I am interested in an ambient temperature vacuum evaporator (i.e. 25 ºC). Vapor pressure of water at this temperature is 3.17 kPa, so we need an inside pressure lower than or equal to this value.

There are two main sources of energy expenses. First is enthalpy of evaporation, which at this conditions is 2440 kJ/kg, so we need to add this amount of energy to maintain water temperature at 25 ºC during process. Second is compressor work to keep process pressure inside vacuum vessel. We can approximate it as a reversible adiabatic thermodynamic process (i.e. isentropic process).

Entropy of saturated water vapor at 25 ºC and 3.17 kPa (the one that compressor evacuates because liquid water stays in the bottom of the tank) is 8.56 kJ/kg. Internal energy at same conditions is 2410 kJ/kg. Because process is isentropic, entropy of discharge steam is the same, so its thermodynamic state is 400 ºC 101 kPa and internal energy is 2970 kJ/kg. Because process is adiabatic, compressor work is equal as change in internal energy: 2970 - 2410 = 560 kJ/kg.

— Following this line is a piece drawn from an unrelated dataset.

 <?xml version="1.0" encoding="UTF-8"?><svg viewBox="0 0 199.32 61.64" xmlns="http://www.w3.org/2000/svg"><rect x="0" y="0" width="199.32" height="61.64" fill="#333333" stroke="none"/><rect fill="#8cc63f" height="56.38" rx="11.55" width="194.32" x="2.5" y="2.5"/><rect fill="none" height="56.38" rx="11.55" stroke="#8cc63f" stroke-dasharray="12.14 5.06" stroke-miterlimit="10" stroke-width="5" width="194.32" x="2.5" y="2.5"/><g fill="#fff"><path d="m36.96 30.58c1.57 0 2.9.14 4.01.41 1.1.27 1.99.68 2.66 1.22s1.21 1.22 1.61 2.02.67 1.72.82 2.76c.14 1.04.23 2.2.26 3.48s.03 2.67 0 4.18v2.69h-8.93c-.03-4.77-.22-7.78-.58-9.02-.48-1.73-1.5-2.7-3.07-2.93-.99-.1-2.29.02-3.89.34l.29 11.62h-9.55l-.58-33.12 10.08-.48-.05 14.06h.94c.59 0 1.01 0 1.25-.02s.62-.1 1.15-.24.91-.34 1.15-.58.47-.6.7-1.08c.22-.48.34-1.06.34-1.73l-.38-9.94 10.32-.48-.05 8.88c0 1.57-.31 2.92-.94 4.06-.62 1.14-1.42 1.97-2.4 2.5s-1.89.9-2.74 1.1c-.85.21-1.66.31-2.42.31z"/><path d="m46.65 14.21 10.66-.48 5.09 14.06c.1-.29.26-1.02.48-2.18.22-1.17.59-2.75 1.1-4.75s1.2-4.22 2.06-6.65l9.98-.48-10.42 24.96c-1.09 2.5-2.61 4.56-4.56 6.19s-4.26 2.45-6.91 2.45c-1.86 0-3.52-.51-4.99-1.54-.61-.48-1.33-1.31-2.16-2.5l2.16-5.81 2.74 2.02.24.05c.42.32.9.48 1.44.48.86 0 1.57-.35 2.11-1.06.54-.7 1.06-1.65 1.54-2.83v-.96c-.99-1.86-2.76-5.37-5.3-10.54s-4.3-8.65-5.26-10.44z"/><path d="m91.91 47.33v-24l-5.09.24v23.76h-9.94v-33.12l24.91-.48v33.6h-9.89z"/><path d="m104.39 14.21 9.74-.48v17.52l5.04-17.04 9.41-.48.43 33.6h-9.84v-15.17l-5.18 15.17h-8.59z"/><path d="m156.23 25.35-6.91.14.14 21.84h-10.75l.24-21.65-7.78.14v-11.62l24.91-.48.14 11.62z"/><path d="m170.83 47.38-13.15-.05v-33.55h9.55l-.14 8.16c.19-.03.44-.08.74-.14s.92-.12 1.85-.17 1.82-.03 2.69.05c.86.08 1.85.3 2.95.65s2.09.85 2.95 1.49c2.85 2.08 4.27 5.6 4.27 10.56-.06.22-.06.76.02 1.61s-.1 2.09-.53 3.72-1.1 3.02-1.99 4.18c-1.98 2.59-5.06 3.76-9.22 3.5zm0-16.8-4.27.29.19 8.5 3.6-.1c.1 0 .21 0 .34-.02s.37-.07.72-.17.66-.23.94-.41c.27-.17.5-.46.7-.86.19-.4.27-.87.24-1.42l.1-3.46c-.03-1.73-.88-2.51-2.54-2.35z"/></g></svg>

Energy needed to run an idealized system as the one described will be the sum of the enthalpy of evaporation and the compressor work: 2440 + 560 = 3000 kJ/kg.

Is this estimation correct?

400 ºC compressor discharge steam looks quite hot to me. This can explain why most common industrial vacuum evaporation systems work at higher water temperatures and lower vacuum levels. It is right?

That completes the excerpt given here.